Each loop in the spiral represents a phase of the software process. Thus, the innermost loop might be concerned with system feasibility, the next loop with system requirements definition, the next loop with system design and so on.
Each loop in the spiral is split into four sectors:
Objective Setting
Specific objectives for that phase of the project are defined. Constraints on the process and the product are identified and a detailed management plan is drawn up. Project risks are identified. Alternative strategies, depending on these risks, may be planned.
Risk Assessment and Reduction
For each of the identified projects risks, a detailed analysis is carried out. Steps are taken to reduce the risks. For example, if there is a risk that the requirements are inappropriate, a prototype system may be developed.
Development and Validation
After risks evaluation, a development model for the system is then chosen. For example, if the user interface risks are dominant, an appropriate development model might be evolutionary prototyping. If safety risks are the main consideration, development based on formal transformations may be the most appropriate and so on. The waterfall model may be the most appropriate development if the main identified risk is sub-system integration.
Planning
The project is reviewed and a decision made whether to continue with a further loop of the spiral. If it is decided to continue, plans are drawn up for the next phase of the project.
The important distinction between the spiral model and the other software process models is the explicit consideration of risk on the spiral model. Informally, risk is simply something which can go wrong.
A cycle of the spiral begins by elaborating objectives such as performance, functionality, etc. Alternative ways of achieving these objectives and the constraints imposed on each of these alternatives are then enumerated. Each alternative is assessed against each objective. This is usually results in the identification of the sources of projects risk.
The next step is to evaluate these risks by activities such as more detailed analysis, prototyping, simulation, etc. Once risks have been assessed, some development is carried out and this is followed by a planning activity for the next phase of the process.
There are no fixed phases such as specification or design in the spiral model. The spiral model encompasses other process models. Prototyping may be used in one spiral to resolve requirements uncertainties and hence reduce risks. This may be followed by a conventional waterfall development. Formal transformation may be used to develop those parts of the system with security requirements.
Advantages
The model tries to resolve all possible risks involved in the project starting with the highest risk.

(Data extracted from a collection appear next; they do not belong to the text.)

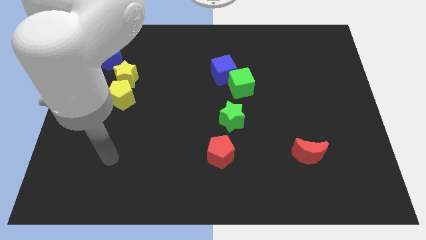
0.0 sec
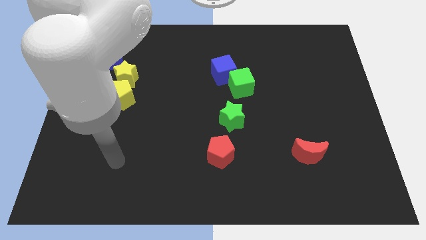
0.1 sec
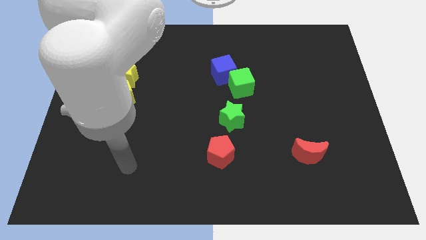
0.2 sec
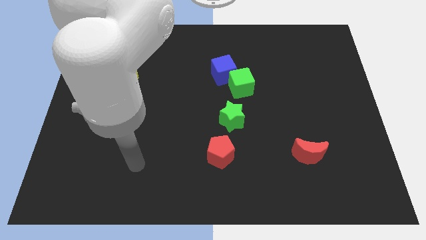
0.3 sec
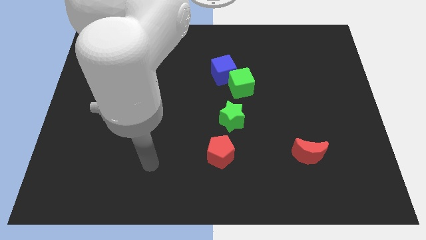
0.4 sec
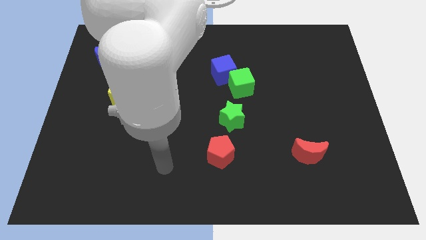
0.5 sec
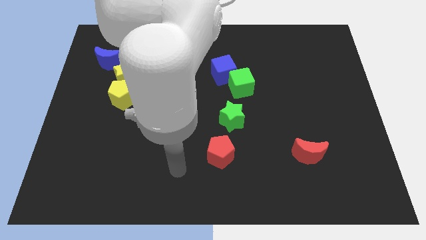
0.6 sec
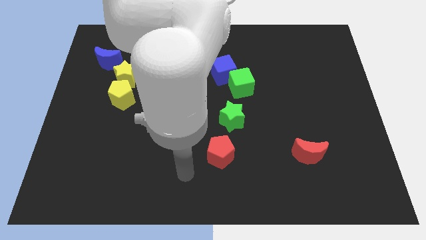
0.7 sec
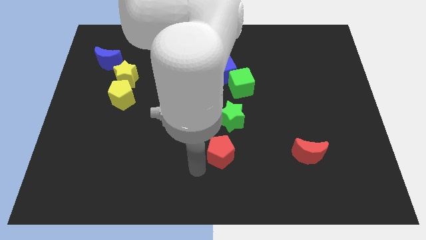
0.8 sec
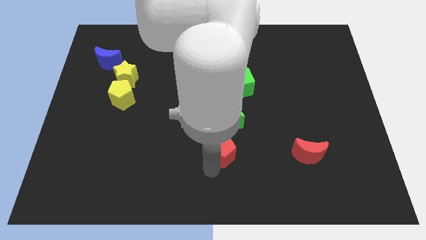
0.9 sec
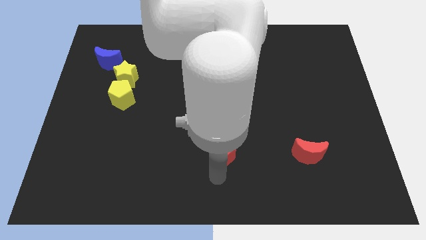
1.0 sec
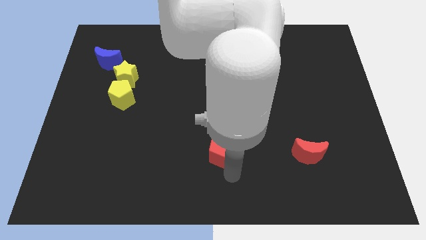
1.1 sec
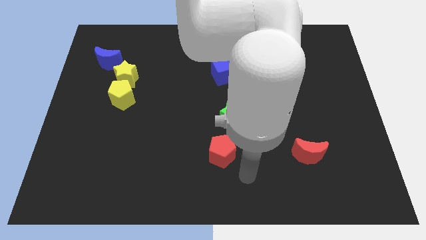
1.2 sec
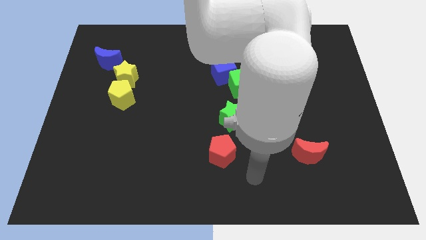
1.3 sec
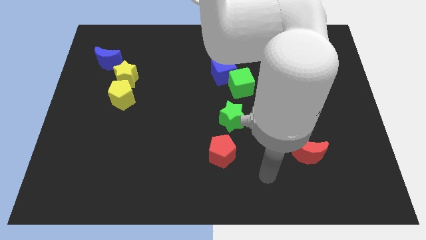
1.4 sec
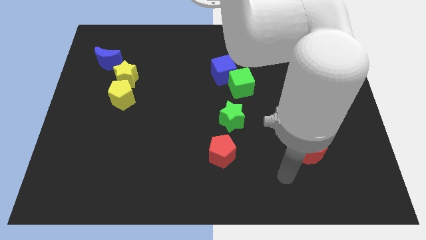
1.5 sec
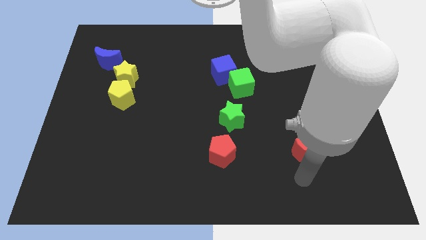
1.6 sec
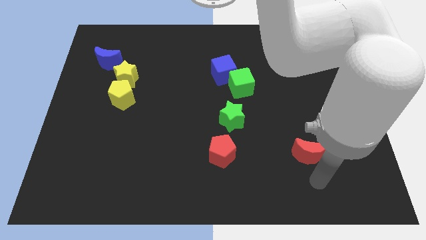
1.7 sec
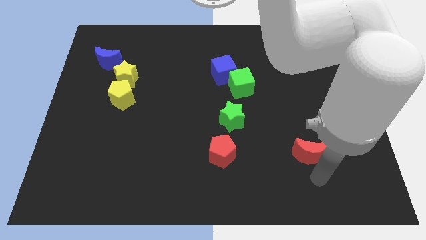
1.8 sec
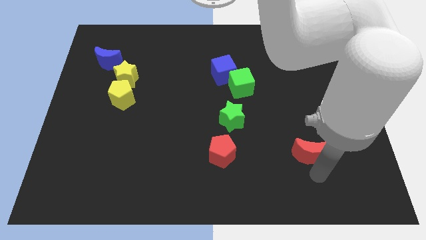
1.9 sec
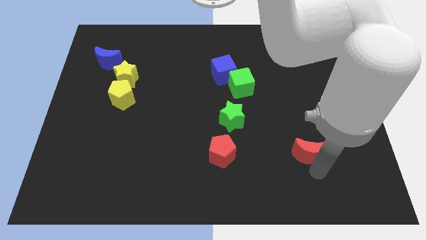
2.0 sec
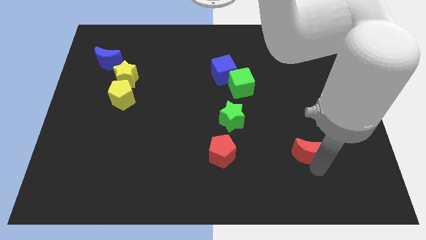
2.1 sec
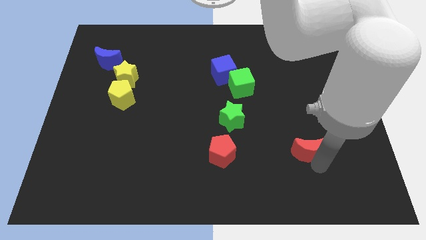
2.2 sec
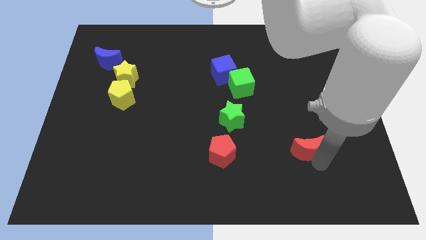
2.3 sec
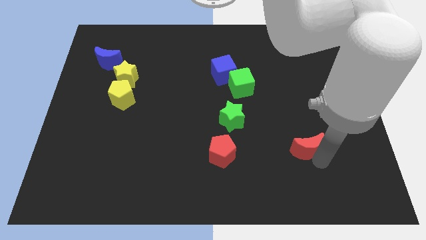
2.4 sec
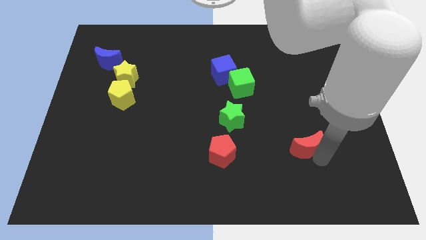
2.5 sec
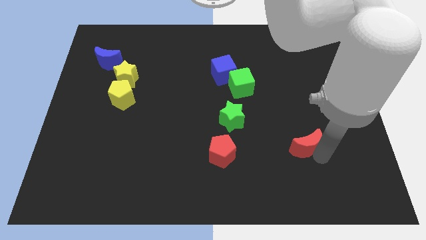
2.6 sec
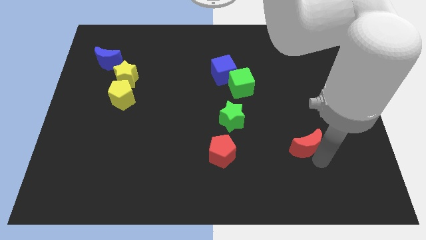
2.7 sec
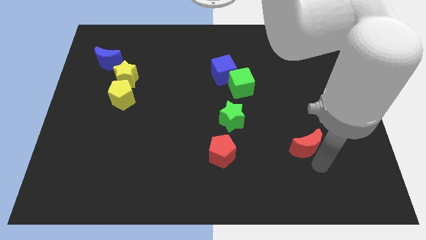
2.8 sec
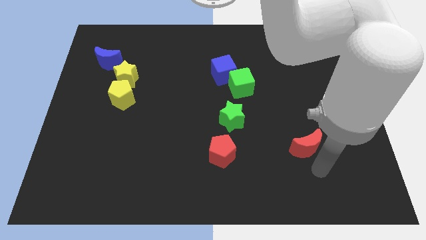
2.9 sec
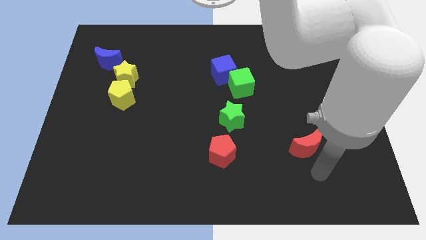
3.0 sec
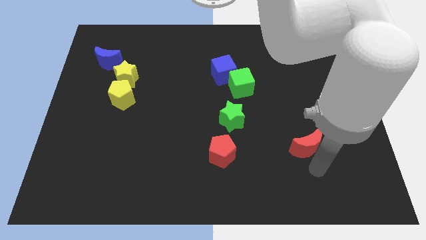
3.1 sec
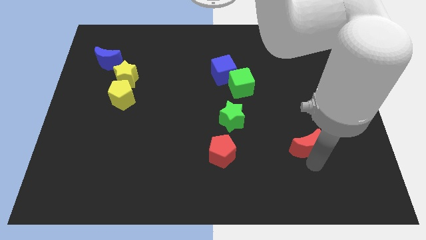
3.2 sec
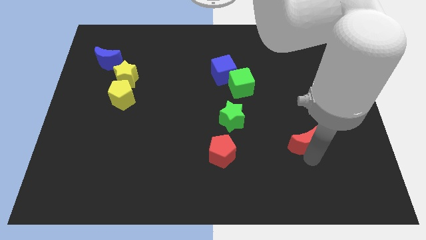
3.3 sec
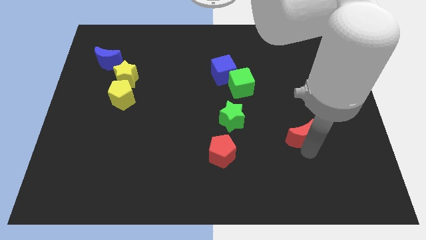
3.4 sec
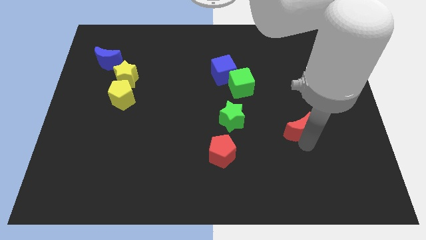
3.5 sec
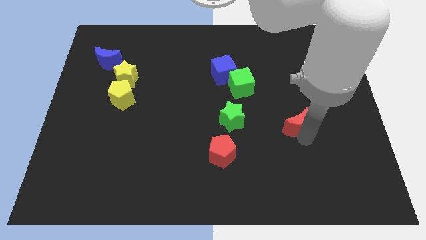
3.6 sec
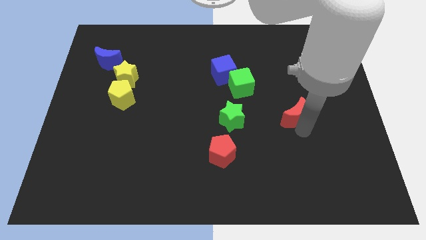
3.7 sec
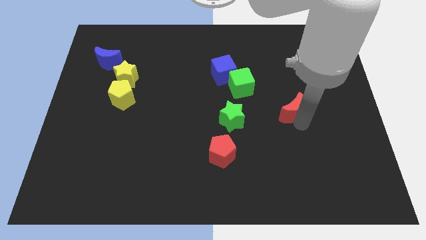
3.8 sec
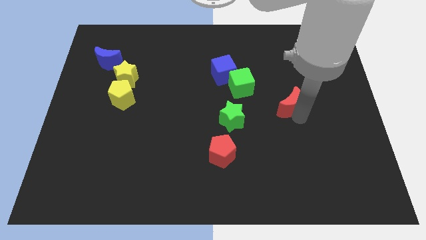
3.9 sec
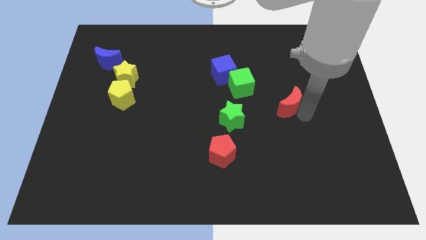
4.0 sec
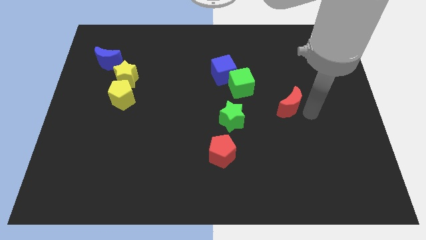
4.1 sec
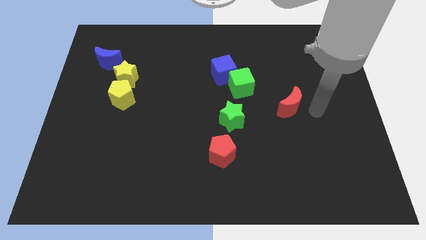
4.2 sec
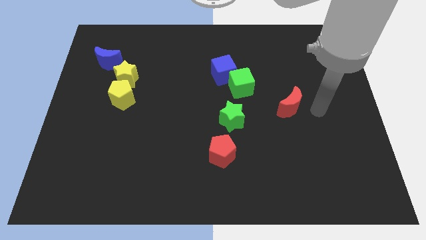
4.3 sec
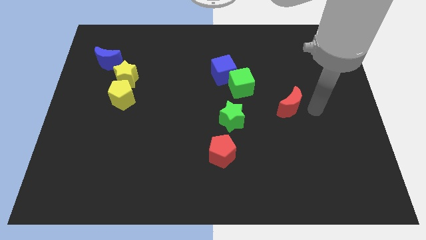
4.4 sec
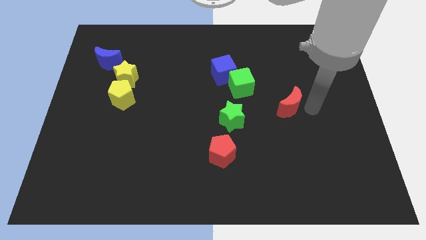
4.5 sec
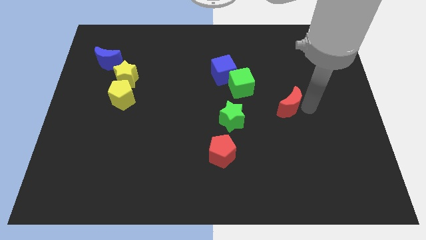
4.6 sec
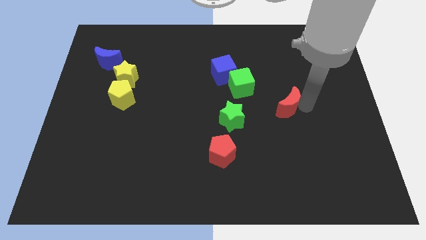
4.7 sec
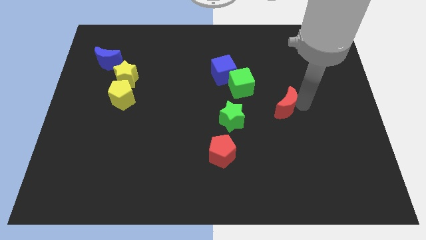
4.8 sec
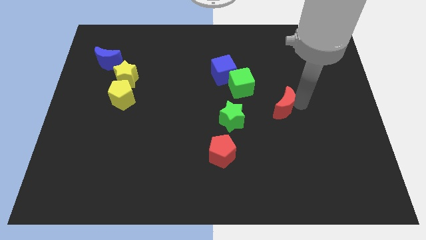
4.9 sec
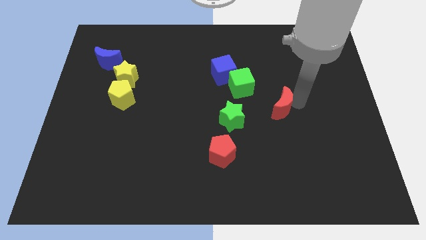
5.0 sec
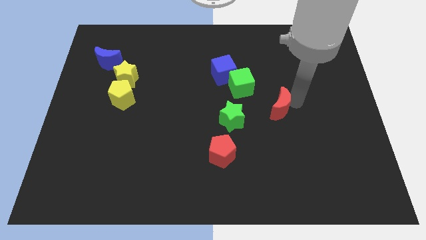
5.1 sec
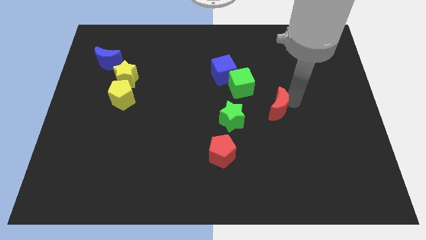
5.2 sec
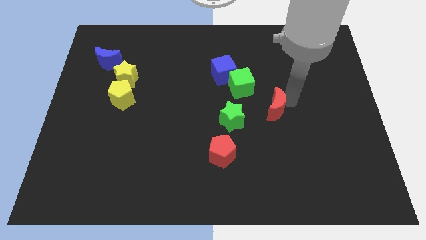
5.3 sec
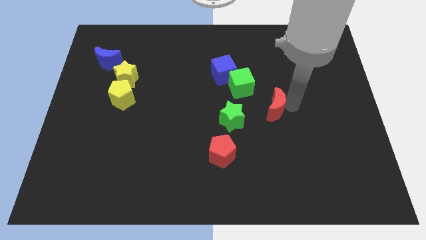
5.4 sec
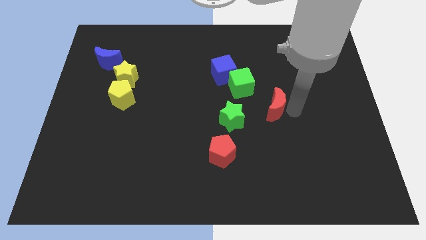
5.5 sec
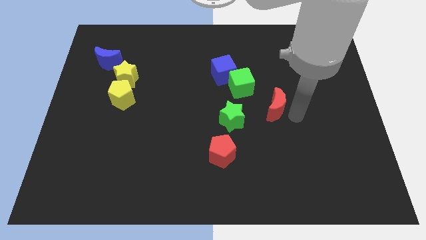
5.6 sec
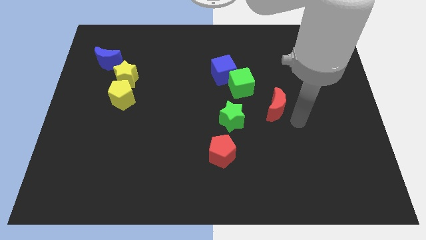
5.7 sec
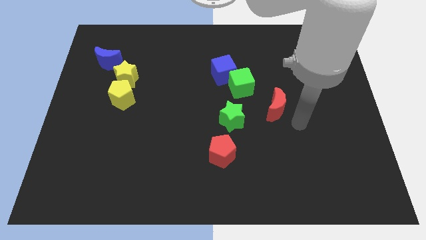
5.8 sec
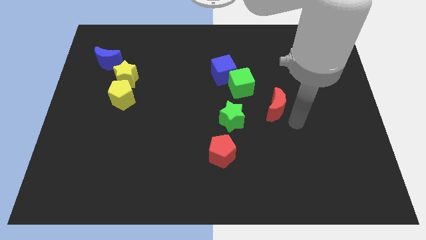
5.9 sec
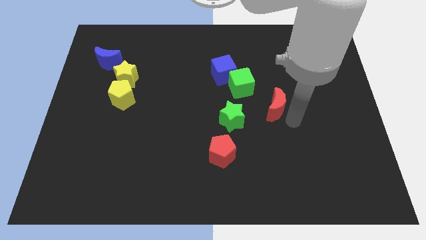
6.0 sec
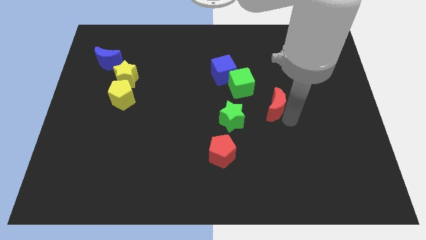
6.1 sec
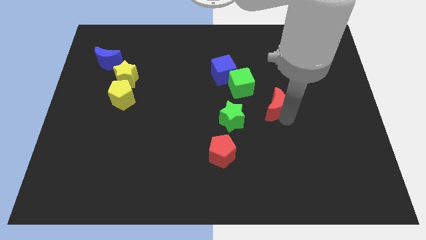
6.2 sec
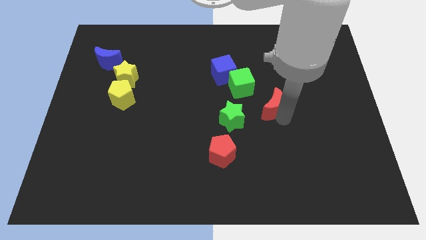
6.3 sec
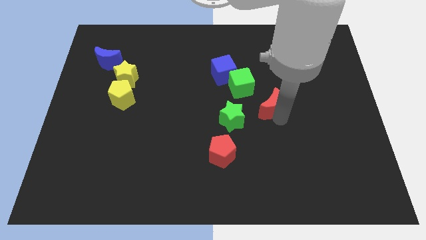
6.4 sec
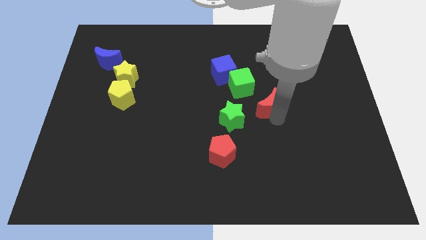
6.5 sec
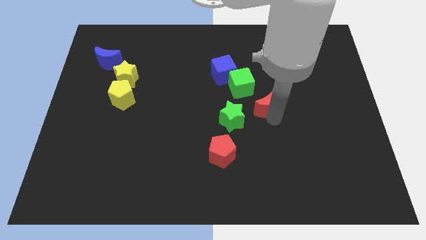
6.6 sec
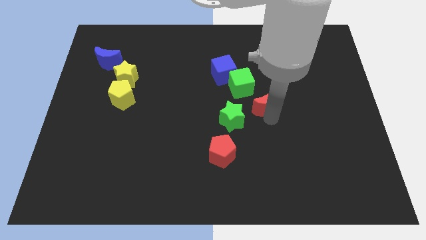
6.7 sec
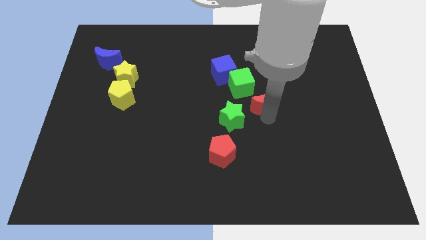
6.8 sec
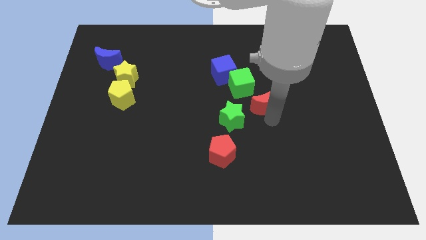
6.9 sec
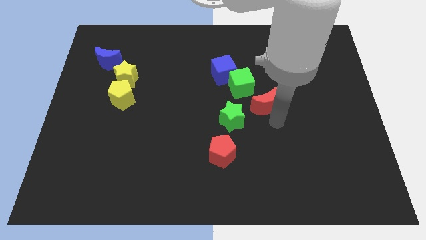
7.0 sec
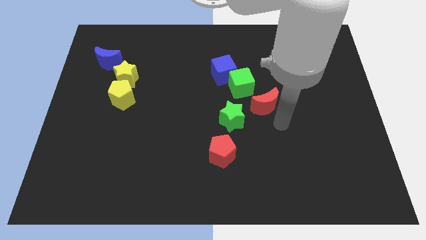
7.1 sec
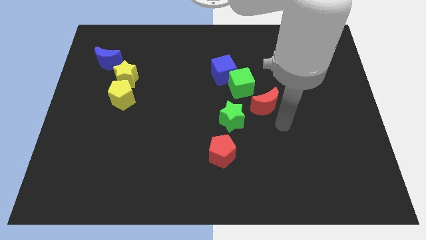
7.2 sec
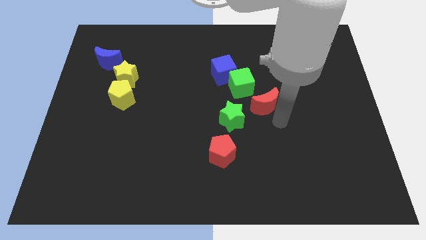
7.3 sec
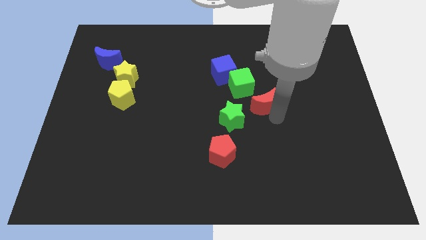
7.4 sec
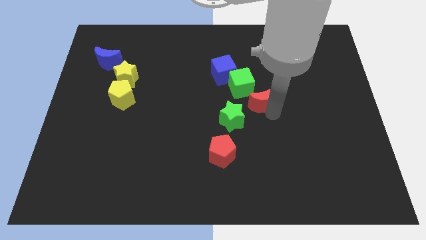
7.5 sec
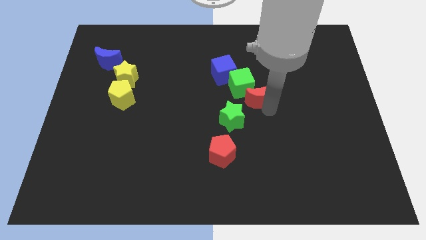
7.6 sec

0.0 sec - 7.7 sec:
slide the red moon towards the green cube

End users get a chance to see the product early in life cycle.
With each phase as product is refined after customer feedback, the model ensures a good quality product.
The model makes use of techniques like reuse, prototyping and component based design.
Disadvantages
The model requires expertise in risk management and excellent management skills.
The model is not suitable for small projects as cost of risk analysis may exceed the actual cost of the project.
Different persons involved in the project may find it complex to use.
Spiral model is generally used for large projects with medium to high risk because in small projects it is possible that cost of risk analysis may exceed the actual cost of project. In other words, Spiral model is a practical approach for solving large scale software development related problems.
This can also be used if requirements of the project are very complex or if the company is planning to introduce new technologies. Some areas where Spiral model is successfully used are decision support system, defense, aerospace and large business projects.